→ TASK DIRECTIONS
Please set down the data again exactly, minus the pictures.

╭─ DATA FOR REVIEW

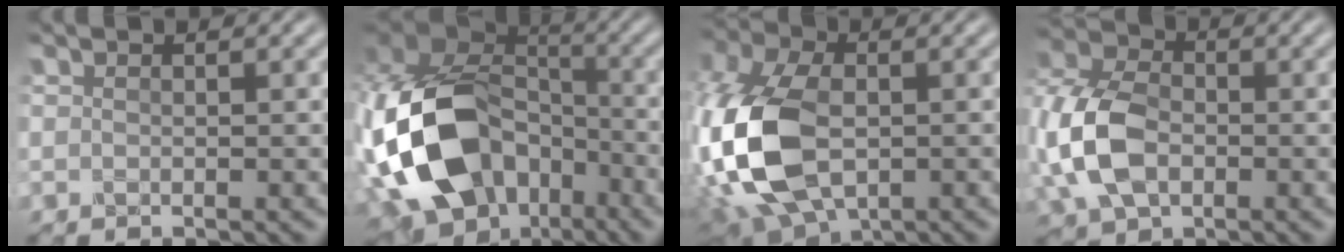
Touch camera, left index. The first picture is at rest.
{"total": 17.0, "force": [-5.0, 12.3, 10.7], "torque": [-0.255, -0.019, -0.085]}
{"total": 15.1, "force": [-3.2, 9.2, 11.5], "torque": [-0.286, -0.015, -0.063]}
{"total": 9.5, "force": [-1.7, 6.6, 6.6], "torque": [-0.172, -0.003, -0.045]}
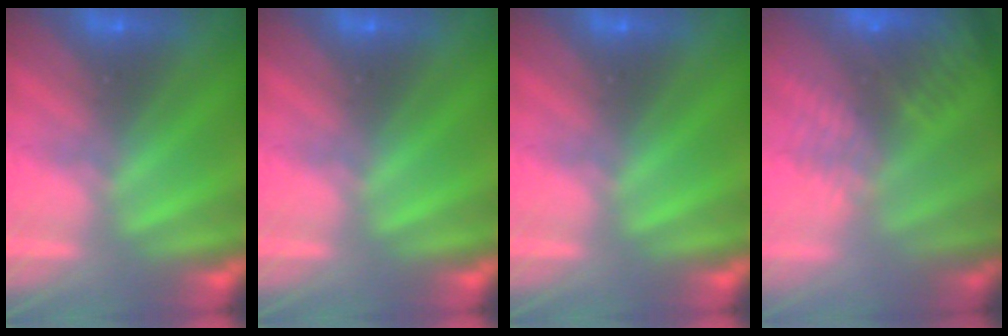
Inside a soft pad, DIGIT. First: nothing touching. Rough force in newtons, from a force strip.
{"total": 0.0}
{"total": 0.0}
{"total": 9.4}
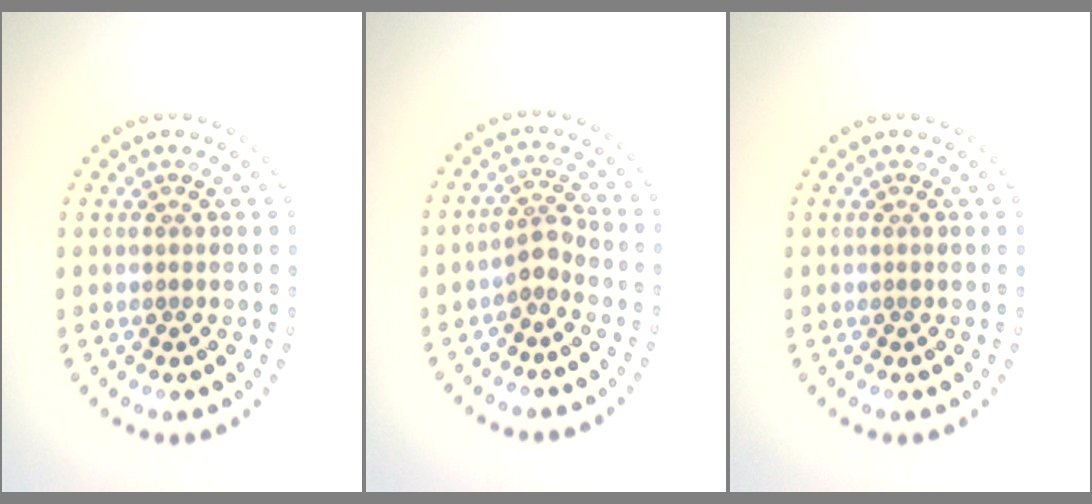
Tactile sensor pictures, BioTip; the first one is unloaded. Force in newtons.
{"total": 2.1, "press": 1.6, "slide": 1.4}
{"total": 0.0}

╰─

→ SOLUTION TO THIS EXERCISE
Touch camera, left index. The first picture is at rest.
{"total": 17.0, "force": [-5.0, 12.3, 10.7], "torque": [-0.255, -0.019, -0.085]}
{"total": 15.1, "force": [-3.2, 9.2, 11.5], "torque": [-0.286, -0.015, -0.063]}
{"total": 9.5, "force": [-1.7, 6.6, 6.6], "torque": [-0.172, -0.003, -0.045]}
Inside a soft pad, DIGIT. First: nothing touching. Rough force in newtons, from a force strip.
{"total": 0.0}
{"total": 0.0}
{"total": 9.4}
Tactile sensor pictures, BioTip; the first one is unloaded. Force in newtons.
{"total": 2.1, "press": 1.6, "slide": 1.4}
{"total": 0.0}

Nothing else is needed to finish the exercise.